Evanston Northwestern Healthcare (ENH), which began a nine-month analysis of surveillance methods in mid-2005, determined that three-quarters of all carriers would not be recognized without universal surveillance, would not be in isolation, and potentially would be a source of spread in non-colonized patients, says medical microbiologist Richard "Tom" Thomson, Jr., PhD. He reported his findings at an April 2008 American Association for Clinical Chemistry audioconference on MRSA. "That was one of the factors that led us to go to universal screening," he said. The goal of the ENH program was to reduce disease, and according to Thomson, the number of infections dropped from an average of 23 in prior years to 7 cases from August 2005 through July 2006.

The program could also be justified economically: at ENH, each global MRSA hospital-acquired infection (HAI) added $20,000-$25,000 per patient to the cost of care. Therefore, to warrant the program’s $750,000 price tag, it needed to prevent 30-37 MRSA HAI’s annually. By ENH’s calculations, the program did even better, reducing blood stream infections by 14 and respiratory tract infections by 33, for a total of 47 MRSA HAI’s prevented.
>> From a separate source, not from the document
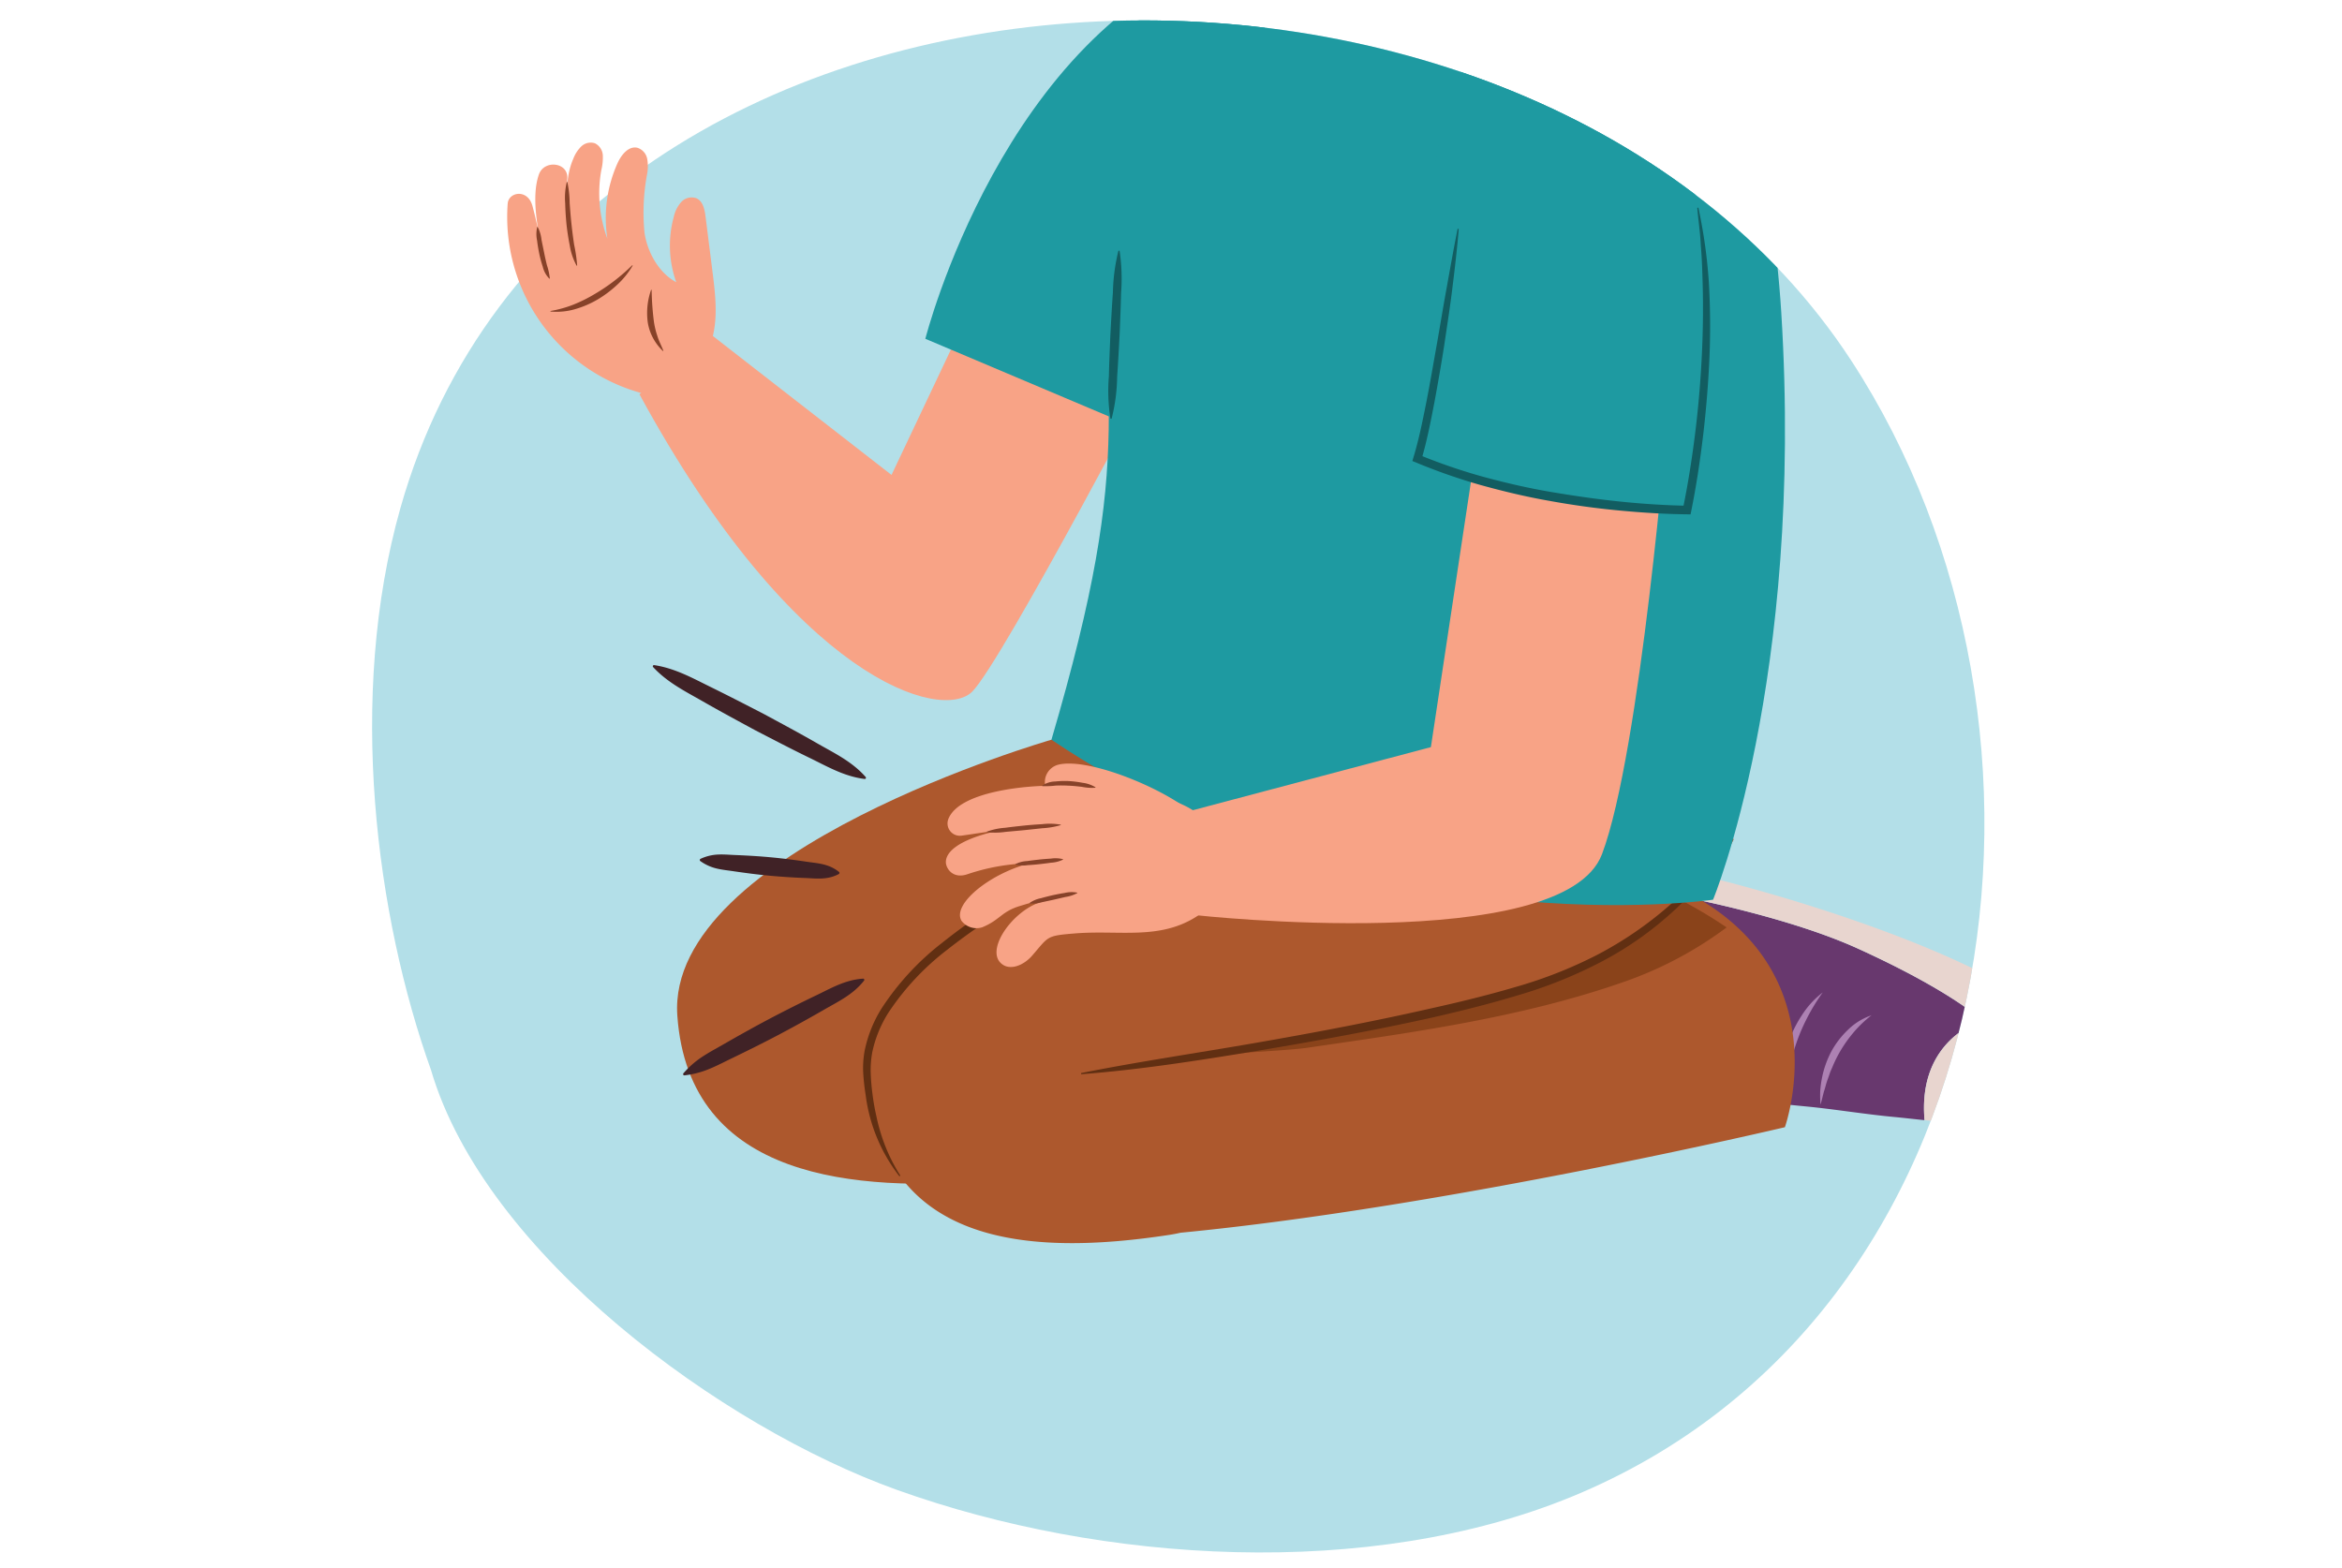 <svg id="a6e3a86d-37fc-4cab-9d2c-155f0bae2949" data-name="Layer 1" xmlns="http://www.w3.org/2000/svg" xmlns:xlink="http://www.w3.org/1999/xlink" width="380" height="254.404" viewBox="0 0 380 254.404"><defs><clipPath id="b9b1c303-11a2-4c04-b508-26eb80a869d6"><path d="M69.935,173.645c8.813,29.966,47.237,57.954,75.6,68.126,33.3,11.941,76.617,14.656,109.621,1.049C326.31,213.485,339.376,118.3,300.384,58.532,248.591-20.858,92.9-16.136,64.981,82.4,56.278,113.118,61.031,148.717,69.935,173.645Z" style="fill:none"/></clipPath></defs><path d="M69.935,173.645c8.813,29.966,47.237,57.954,75.6,68.126,33.3,11.941,76.617,14.656,109.621,1.049C326.31,213.485,339.376,118.3,300.384,58.532,248.591-20.858,92.9-16.136,64.981,82.4,56.278,113.118,61.031,148.717,69.935,173.645Z" style="fill:#b3dfe8"/><g style="clip-path:url(#b9b1c303-11a2-4c04-b508-26eb80a869d6)"><path d="M189.64,55.807s-26.991,51.528-31.9,56.435-28.627-1.635-53.982-48.256l11.451-9.814,29.444,22.9,14.722-31.08Z" style="fill:#f8a386"/><path d="M321.634,165.594s-4.858-4.694-20.193-11.668c-10.519-4.784-25.74-7.918-29.649-8.627-.317.483-.6.954-.837,1.36-1.993,3.415-.976,5.331-.724,9.126q.086,1.3.085,2.61c0,.732-.016,1.089-.093,2.1a35.534,35.534,0,0,1-2.068,9.783c-.044.122-.069.25-.1.376-.511.181-1.022.371-1.536.579-4.98,2.022-2.083,10.53,2.875,8.517,5.5-2.23,18.065-.734,23.6-.206,4.61.44,9.394,1.244,14.193,1.7,1.664.157,3.364.356,5.08.534C311.112,168.525,321.634,165.594,321.634,165.594Z" style="fill:#68386e"/><path d="M337.079,169.646a7.491,7.491,0,0,0-2.085-3.46c-2.568-2.568-6.111-4.259-9.143-6.007-13.307-7.669-34.881-14.51-49.6-18.075-1.712-.415-3.319,1.466-4.457,3.195,3.909.709,19.13,3.843,29.649,8.627,15.335,6.974,20.193,11.668,20.193,11.668s-10.522,2.931-9.37,16.182c5.273.545,10.691.89,15.674-.783C332.816,179.356,338.344,174.7,337.079,169.646Z" style="fill:#e8d5cf"/><path d="M303.661,164.758a19.045,19.045,0,0,0-3.082,2.983,21.636,21.636,0,0,0-2.351,3.482,20.522,20.522,0,0,0-.9,1.9c-.134.325-.29.643-.408.976s-.227.67-.351,1c-.258.664-.4,1.364-.632,2.05-.192.695-.334,1.4-.56,2.114a21.439,21.439,0,0,1-.04-2.212,17.135,17.135,0,0,1,.3-2.2,15.866,15.866,0,0,1,1.5-4.217,14.388,14.388,0,0,1,2.742-3.558A9.982,9.982,0,0,1,303.661,164.758Z" style="fill:#ad81b3"/><path d="M295.747,161.051a31.335,31.335,0,0,0-2.558,4.188,30.208,30.208,0,0,0-1.867,4.456,31.533,31.533,0,0,0-1.18,4.688c-.309,1.6-.427,3.22-.613,4.886a17.986,17.986,0,0,1-.346-5,19.484,19.484,0,0,1,.965-4.964,19.148,19.148,0,0,1,2.211-4.551A14.227,14.227,0,0,1,295.747,161.051Z" style="fill:#ad81b3"/><path d="M170.6,120.04S108,138.02,109.9,164.818s29.082,28.537,51,26.8-3.346-22.175-3.346-22.175l86.823-41.313Z" style="fill:#ad582d"/><path d="M274.921,145.456h0a38.462,38.462,0,0,0,6.4-9.3l-70.463-8.942s-72.143,19.276-70.179,47.27,26.6,29.337,49.093,25.9c.638-.1,1.225-.215,1.786-.343l0,0c43.507-4.195,98.048-17.123,98.048-17.123S298.334,158.537,274.921,145.456Z" style="fill:#ad582d"/><path d="M250.478,159.441c-13.321,4.639-37.218,8.971-54.477,11.732,7.411-.414,14.02-.839,16.032-1.134,15.844-2.323,34.293-4.728,51.148-10.6a61.738,61.738,0,0,0,16.973-8.944,78.35,78.35,0,0,0-7.5-4.479A59.14,59.14,0,0,1,250.478,159.441Z" style="fill:#8a431a"/><path d="M217.587,123.722c-8.923,3.29-17.87,6.436-26.644,10.046a202.919,202.919,0,0,0-25.521,12.439,96.714,96.714,0,0,0-11.721,7.907,42.231,42.231,0,0,0-9.539,10.2,19.5,19.5,0,0,0-2.614,6.347,15.775,15.775,0,0,0-.273,3.4,35.023,35.023,0,0,0,.292,3.493,34.523,34.523,0,0,0,.606,3.46,29.718,29.718,0,0,0,.9,3.394,28.358,28.358,0,0,0,3.013,6.368l-.147.108a26.934,26.934,0,0,1-5.479-13.173,36.016,36.016,0,0,1-.4-3.6,15.282,15.282,0,0,1,.251-3.692,20.766,20.766,0,0,1,2.736-6.788,43.473,43.473,0,0,1,9.772-10.6,98,98,0,0,1,11.843-8.106,202.283,202.283,0,0,1,25.78-12.368,191.372,191.372,0,0,1,27.089-9.007Z" style="fill:#612f12"/><path d="M175.405,174.134c9.434-1.877,18.926-3.263,28.382-4.909s18.886-3.424,28.23-5.55c4.678-1.033,9.335-2.166,13.916-3.518a72.277,72.277,0,0,0,13.255-5.227,59.905,59.905,0,0,0,11.722-8.038,49.235,49.235,0,0,0,9.308-10.773l.164.079a30.784,30.784,0,0,1-3.816,6.159c-.727.971-1.534,1.874-2.325,2.8-.858.855-1.668,1.765-2.581,2.563a55.017,55.017,0,0,1-11.864,8.365,73.477,73.477,0,0,1-13.462,5.413c-4.622,1.4-9.3,2.566-13.988,3.635-9.4,2.091-18.86,3.8-28.339,5.389-9.482,1.566-18.982,3.059-28.578,3.8Z" style="fill:#612f12"/><path d="M247.477-12.221c21.008,6.787,38.594,15.776,41.544,62.966,3.726,59.624-11.07,95.254-11.07,95.254S221.537,154.267,170.6,120.04c14.08-47.958,8.109-53.392,7.76-98.457C178.112-9.928,225.158-19.431,247.477-12.221Z" style="fill:#1e9aa1"/><path d="M199.1-7.328c-36.279,12.292-48.958,62.305-48.958,62.305l31.078,13.148S221.294-14.847,199.1-7.328Z" style="fill:#1e9aa1"/><path d="M234.943-13.674l-6.837-17.615L195.612-18.8l4.6,14.364a11.535,11.535,0,0,0,10.342,5.746C222.912,1.355,234.943-13.674,234.943-13.674Z" style="fill:#f8a386"/><path d="M239.3,73.984l-7.132,47.255-41.5,11,3.272,16.263s59.75,6.618,65.989-9.887,10.681-71.359,10.681-71.359Z" style="fill:#f8a386"/><path d="M232.157,35.722l-4.781,38.489s13.315,3.562,24.09,6.058a128.049,128.049,0,0,0,22.289,2.787S286.9,22.812,259.65,6.317,232.157,35.722,232.157,35.722Z" style="fill:#1e9aa1"/><path d="M236.689,37.153c-.261,3.152-.618,6.292-1.014,9.426-.373,3.139-.872,6.259-1.332,9.386-.486,3.123-1.033,6.237-1.608,9.349-.605,3.112-1.191,6.211-2.116,9.312l-.375-.823a92.723,92.723,0,0,0,10.5,3.592c3.579.964,7.2,1.811,10.856,2.429s7.336,1.155,11.03,1.542,7.415.638,11.1.7l-.682.549c.828-3.983,1.461-8.048,1.973-12.107s.863-8.148,1.078-12.237.278-8.185.163-12.277c-.058-2.046-.115-4.095-.3-6.135-.087-2.052-.4-4.077-.573-6.131l.179-.031a83.95,83.95,0,0,1,1.709,12.251,122.071,122.071,0,0,1,.076,12.383q-.288,6.185-1.015,12.337c-.494,4.1-1.1,8.173-1.925,12.245l-.112.556-.57-.006c-3.779-.042-7.509-.286-11.246-.644s-7.453-.876-11.144-1.551c-3.7-.647-7.353-1.524-10.975-2.522a94.051,94.051,0,0,1-10.65-3.71l-.556-.228.181-.6c.9-2.948,1.512-6.06,2.128-9.14.6-3.092,1.128-6.2,1.681-9.3s1.049-6.221,1.627-9.324c.553-3.108,1.111-6.216,1.728-9.316Z" style="fill:#125d61"/><path d="M180.172,67.935a28.98,28.98,0,0,1-.254-6.849c.053-2.273.154-4.543.248-6.813.124-2.269.244-4.538.407-6.8a30.594,30.594,0,0,1,.9-6.79l.182.006a30.474,30.474,0,0,1,.248,6.84c-.054,2.276-.15,4.551-.242,6.826-.123,2.273-.238,4.546-.4,6.817a28.815,28.815,0,0,1-.9,6.781Z" style="fill:#125d61"/><path d="M171.747,124.081c5.612-1.35,21.045,5.476,23.648,9.919,2.319,3.955-12.421,2.805-16.553.5-1.9-1.064-2.854-2.45-4.758-3.472-.085-.031-.2-.078-.341-.132-.686-.264-1.341-.56-1.983-.877a3.96,3.96,0,0,1-2.219-2.9A2.913,2.913,0,0,1,171.747,124.081Z" style="fill:#f8a386"/><path d="M198.193,138.927c.418,3.757-1.431,8.1-3.939,9.735-6.084,3.951-12.63,2.228-19.841,2.81-4.722.385-4.215.462-6.966,3.628-1.3,1.492-3.36,2.361-4.726,1.452-3.086-2.034,1.3-8.491,5.93-10.1-2.229.233-.9-.111-3.037.53-3.192.942-3.236,2.239-6.214,3.484a3.057,3.057,0,0,1-3.389-1.04c-1.577-2.647,4.506-7.636,11.057-9.331a33.39,33.39,0,0,0-10.143,1.787c-2.4.792-3.469-1.047-3.455-2,.036-2.584,4.788-4.376,8.945-5.151-2.466.244-3.9.536-6.342.865a2,2,0,0,1-2.228-2.612c1.686-4.635,13.113-5.6,17.66-5.474C189.805,128,197.021,130.683,198.193,138.927Z" style="fill:#f8a386"/><path d="M167.06,146.527a4.721,4.721,0,0,1,1.838-.77c.633-.183,1.273-.337,1.914-.489.646-.135,1.292-.265,1.945-.365a4.716,4.716,0,0,1,2-.052.049.049,0,0,1,.035.06.047.047,0,0,1-.022.029,5.793,5.793,0,0,1-1.883.614l-1.908.443-1.917.411a5.187,5.187,0,0,1-1.975.207.05.05,0,0,1-.041-.058A.052.052,0,0,1,167.06,146.527Z" style="fill:#874229"/><path d="M164.774,140.215a4.736,4.736,0,0,1,1.887-.487c.638-.094,1.279-.165,1.919-.238s1.284-.12,1.928-.159a4.96,4.96,0,0,1,1.944.086.048.048,0,0,1,.031.062.06.06,0,0,1-.024.028,5.059,5.059,0,0,1-1.894.485c-.636.094-1.273.166-1.911.24s-1.277.122-1.918.162a4.773,4.773,0,0,1-1.951-.089.05.05,0,0,1-.033-.062A.052.052,0,0,1,164.774,140.215Z" style="fill:#874229"/><path d="M160.129,134.952a10.89,10.89,0,0,1,2.952-.624c.992-.135,1.988-.243,2.985-.348s2-.18,3-.236a10.735,10.735,0,0,1,3.019.068.047.047,0,0,1,.036.056.048.048,0,0,1-.031.035,13.235,13.235,0,0,1-2.968.5l-2.98.317-2.986.272a11.589,11.589,0,0,1-3.014.049.048.048,0,0,1-.038-.055A.05.05,0,0,1,160.129,134.952Z" style="fill:#874229"/><path d="M169.108,127.487a3.883,3.883,0,0,1,2.124-.673,14.3,14.3,0,0,1,2.218-.063,17.112,17.112,0,0,1,2.193.276,5.211,5.211,0,0,1,2.089.718.049.049,0,0,1,.012.068.052.052,0,0,1-.035.021,8.141,8.141,0,0,1-2.17-.151c-.709-.082-1.418-.159-2.128-.186a21.217,21.217,0,0,0-2.125-.015,13.9,13.9,0,0,1-2.147.091h-.005a.048.048,0,0,1-.026-.085Z" style="fill:#874229"/></g><path d="M140.286,126.407c-3.431-.432-6.2-2.115-9.12-3.516-2.911-1.416-5.777-2.916-8.65-4.4-2.845-1.542-5.693-3.076-8.5-4.685s-5.712-3.039-8.043-5.552a.193.193,0,0,1,.17-.322c3.389.513,6.209,2.1,9.115,3.527s5.781,2.908,8.656,4.392c2.846,1.539,5.7,3.065,8.507,4.674,2.8,1.626,5.75,2.969,8.037,5.563a.2.2,0,0,1-.017.275A.2.2,0,0,1,140.286,126.407Z" style="fill:#402226"/><path d="M136.088,141.844c-1.986,1.043-3.839.673-5.723.624q-2.82-.114-5.628-.375c-1.871-.177-3.736-.424-5.6-.694-.931-.146-1.867-.227-2.79-.444a7.5,7.5,0,0,1-2.717-1.225.212.212,0,0,1,.034-.362,7.5,7.5,0,0,1,2.9-.7c.947-.04,1.882.054,2.823.085,1.881.081,3.759.187,5.63.362s3.738.407,5.6.682c1.859.3,3.749.286,5.505,1.682a.217.217,0,0,1,.035.305A.222.222,0,0,1,136.088,141.844Z" style="fill:#402226"/><path d="M140.2,159.129c-1.859,2.363-4.378,3.474-6.748,4.867q-3.573,2.054-7.215,3.979c-2.43,1.281-4.892,2.5-7.366,3.7-1.241.59-2.453,1.236-3.728,1.762a14.638,14.638,0,0,1-4.094,1.068.2.2,0,0,1-.169-.322,14.618,14.618,0,0,1,3.193-2.775c1.155-.755,2.372-1.39,3.56-2.081,2.385-1.365,4.781-2.709,7.21-3.99s4.884-2.515,7.359-3.707c2.489-1.168,4.828-2.62,7.828-2.819a.2.2,0,0,1,.212.186A.2.2,0,0,1,140.2,159.129Z" style="fill:#402226"/><path d="M114.612,57.305c2.072-3.882,1.577-8.573,1.027-12.939l-1.163-9.233c-.143-1.134-.412-2.451-1.442-2.944a2.275,2.275,0,0,0-2.49.585,5.334,5.334,0,0,0-1.217,2.407,17.637,17.637,0,0,0,.4,10.618c-2.819-1.513-4.66-4.823-5.147-7.985a33.75,33.75,0,0,1,.413-9.554,6.82,6.82,0,0,0,.019-2.483,2.35,2.35,0,0,0-1.563-1.789c-1.443-.367-2.64,1.136-3.253,2.493a21.739,21.739,0,0,0-1.643,12.264,21.257,21.257,0,0,1-.994-11.1,8.671,8.671,0,0,0,.251-2.436,2.321,2.321,0,0,0-1.279-1.957,2.211,2.211,0,0,0-2.206.5,5.515,5.515,0,0,0-1.292,1.979c-1.98,4.466-.67,10.613.278,15.405a42.509,42.509,0,0,1-1.27-12.157c.221-2.646-3.739-3.117-4.6-.674-1.264,3.582-.231,9.077.755,12.9-.139-.322-1.128-5.391-1.82-7.837-.779-2.747-3.822-2.23-4-.355a29.657,29.657,0,0,0,26.029,31.628" style="fill:#f8a386"/><path d="M92.059,29.557a17.5,17.5,0,0,1,.371,3.4c.082,1.13.17,2.258.292,3.381s.263,2.244.43,3.36a24.986,24.986,0,0,1,.494,3.369.051.051,0,0,1-.048.054.053.053,0,0,1-.045-.024,9.938,9.938,0,0,1-1.107-3.27c-.229-1.126-.4-2.264-.527-3.4-.109-1.143-.19-2.287-.213-3.432a10.944,10.944,0,0,1,.254-3.434.05.05,0,0,1,.064-.033A.055.055,0,0,1,92.059,29.557Z" style="fill:#874229"/><path d="M87.254,36.843a5.913,5.913,0,0,1,.609,2.08l.425,2.087c.137.694.293,1.384.466,2.065a9.926,9.926,0,0,1,.454,2.087.054.054,0,0,1-.049.058.068.068,0,0,1-.039-.013,4.1,4.1,0,0,1-1.054-1.929,19.2,19.2,0,0,1-.568-2.1c-.142-.71-.267-1.422-.351-2.139a5.022,5.022,0,0,1,.011-2.172l0-.01a.052.052,0,0,1,.065-.034A.056.056,0,0,1,87.254,36.843Z" style="fill:#874229"/><path d="M105.732,47.093a46.422,46.422,0,0,0,.362,5.059,12.9,12.9,0,0,0,.551,2.319c.23.789.618,1.513.973,2.4l.009.022a.048.048,0,0,1-.026.062.05.05,0,0,1-.052-.011,8.277,8.277,0,0,1-1.605-2.113,8.062,8.062,0,0,1-.842-2.524,11.28,11.28,0,0,1,.536-5.251.049.049,0,0,1,.061-.03.048.048,0,0,1,.032.043Z" style="fill:#874229"/><path d="M102.637,43.126a13.351,13.351,0,0,1-2.486,3.078,18.467,18.467,0,0,1-3.163,2.382,16.009,16.009,0,0,1-3.659,1.579,10.8,10.8,0,0,1-3.962.394h-.01a.049.049,0,0,1-.046-.053.05.05,0,0,1,.041-.045,18.757,18.757,0,0,0,3.692-1.031,23.925,23.925,0,0,0,3.434-1.708,30.874,30.874,0,0,0,6.086-4.664.05.05,0,0,1,.078.06Z" style="fill:#874229"/></svg>

ENH has used the BD GeneOhm instrumentation for MRSA screening for the past three years. In one test of the system’s negative predictive value, it took over 1,100 negative samples and also plated a duplicate nose swab with the inoculated swab, detecting only one additional positive. "Comparison after comparison has shown that molecular testing has a high negative predictive result," Thomson said. Positive predictive value was a little more complex, but resulted in a rate of 1-2% of samples tested. The technology is "a giant leap for the clinical laboratories, offering testing capabilities we’ve not been able to perform in the past," he said. (One trade-off between BD GeneOhm’s and Cepheid’s Xpert MRSA test platform: the DNA extraction using the BD system was more cumbersome, but less expensive than Cepheid’s platform.)

Turnaround time was also a critical factor: using the BD molecular test and doing runs during the day shift with an average turnaround time of 12 hours detected about 95% of all carriers within 12 hours. But if the test had a turnaround time of 2 days, it detected only 77%.